PROBLEM TO WORK ON: Exactly reproduce the entries, dropping any pictures from your copy.

DATA PROVIDED:
━━━━━━

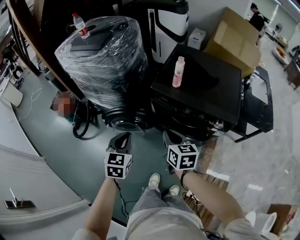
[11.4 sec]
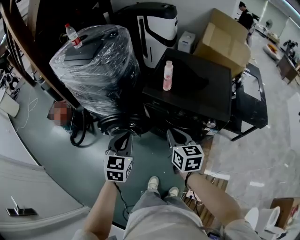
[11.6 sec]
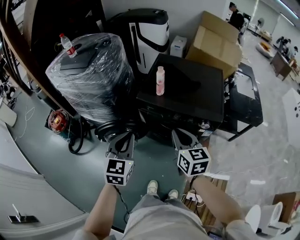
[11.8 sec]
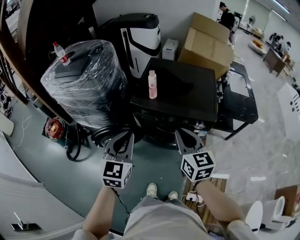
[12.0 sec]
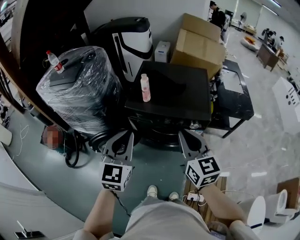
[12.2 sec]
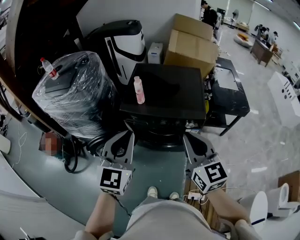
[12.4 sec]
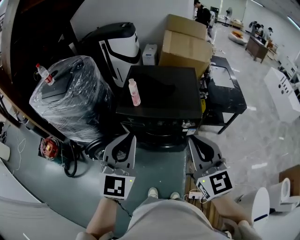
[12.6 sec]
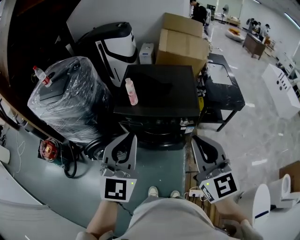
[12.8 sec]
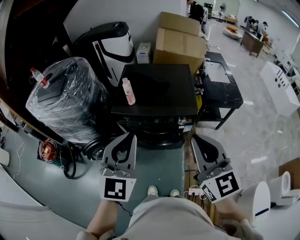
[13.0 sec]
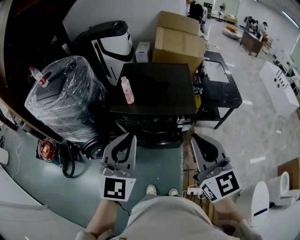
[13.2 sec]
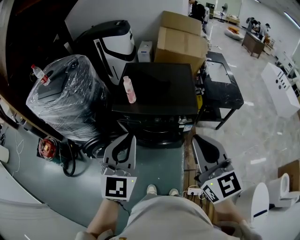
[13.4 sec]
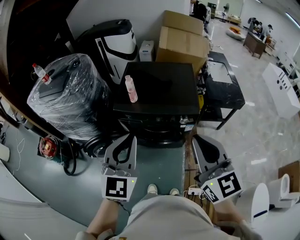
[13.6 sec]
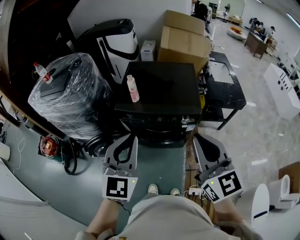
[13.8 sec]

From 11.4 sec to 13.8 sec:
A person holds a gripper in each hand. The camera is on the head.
From 11.4 sec to 12.6 sec: The left gripper is displaced upward and to the right by some 30 cm, and points its fingers approximately 30 degrees further upward. The right gripper moves upward, to the right and backward, roughly 35 cm, and swivels roughly 40 degrees.
From 12.6 sec to 13.8 sec: The grippers make only small movements.

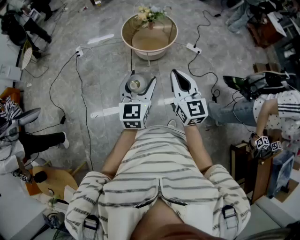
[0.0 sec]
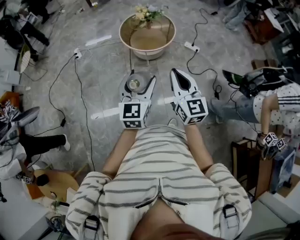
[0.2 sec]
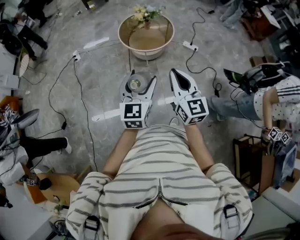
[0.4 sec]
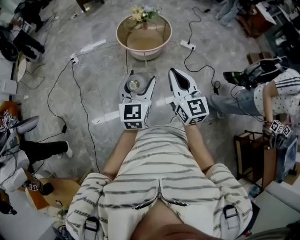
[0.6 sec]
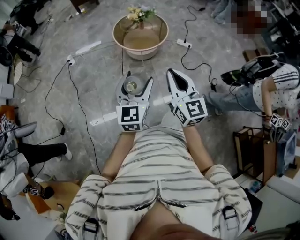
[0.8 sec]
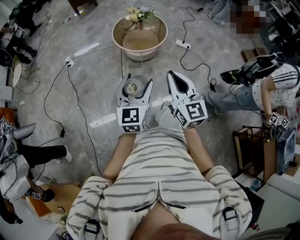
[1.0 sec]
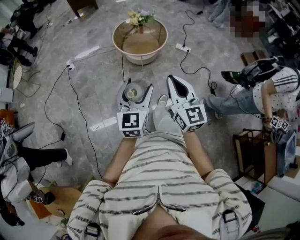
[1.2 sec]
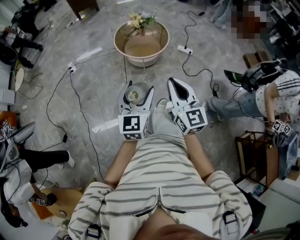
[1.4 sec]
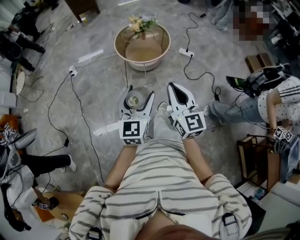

━━━━━━

RESPONSE AREA:
[11.4 sec]
[11.6 sec]
[11.8 sec]
[12.0 sec]
[12.2 sec]
[12.4 sec]
[12.6 sec]
[12.8 sec]
[13.0 sec]
[13.2 sec]
[13.4 sec]
[13.6 sec]
[13.8 sec]

From 11.4 sec to 13.8 sec:
A person holds a gripper in each hand. The camera is on the head.
From 11.4 sec to 12.6 sec: The left gripper is displaced upward and to the right by some 30 cm, and points its fingers approximately 30 degrees further upward. The right gripper moves upward, to the right and backward, roughly 35 cm, and swivels roughly 40 degrees.
From 12.6 sec to 13.8 sec: The grippers make only small movements.

[0.0 sec]
[0.2 sec]
[0.4 sec]
[0.6 sec]
[0.8 sec]
[1.0 sec]
[1.2 sec]
[1.4 sec]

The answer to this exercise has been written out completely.